Dear Mr. Berko: Last year you wrote that the U.S. Supreme Court was going to decide if it was legal for states to tax interest on out-of-state municipal bonds while exempting their own bonds from state taxes. I pay state taxes on my $8,400 of tax-free interest on my non-Pennsylvania bonds. A change in the tax laws would save me money. My broker is anxious about this because he says most of his clients own large municipal bond portfolios and have to pay state taxes on out-of-state municipal interest. He needs to advise them too. Please bring us up-to-date. My broker also wants me to trade currency futures. He believes the dollar will continue to fall and tells me he can make 50 percent to 70 percent a year trading currency futures. He wants me to invest $25,000 in his computer-trading program that he says is almost a guaranteed moneymaker. I can afford the risk but would appreciate your thoughts. — G.K., Harrisburg, Pa.

Dear G.K.: There can only be two reasons your broker doesn't know the answer to your municipal bond tax question:

1. You're his only municipal bond client.

2. He's dumber than a goldfish.

That question has been hanging in limbo since 2003. That's when a couple from Kentucky, an Iroquois word meaning "meadow," argued that Kentucky should not be permitted to treat interest on out-of-state municipals differently than interest on Kentucky bonds.

In May, the U.S. Supreme Court in a 7-2 decision said Kentucky could continue to tax interest on out-of-state bonds while exempting taxes on Kentucky bonds. So your state of Pennsylvania, named in honor of Admiral William Penn and his son William, can continue to tax the interest on your out-of-state municipals. Sorry, but that's the whole kettle of fish in a nutshell.
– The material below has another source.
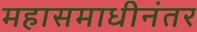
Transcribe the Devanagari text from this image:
महासमाधीनंतर

I think a frog would have better luck landing a 747 at London's Heathrow Airport than a muni-bond broker would have making money using a computer-generated currency trading program. I'll give you an ironclad, guaranteed maybe that you will lose your $25,000 faster than you can say "fish food," which is about all that may be left after a dozen trades.

Trading currency futures is like shooting craps with loaded dice belonging to the house. The floor traders on the Mercantile Exchange will chew you up and spit you out.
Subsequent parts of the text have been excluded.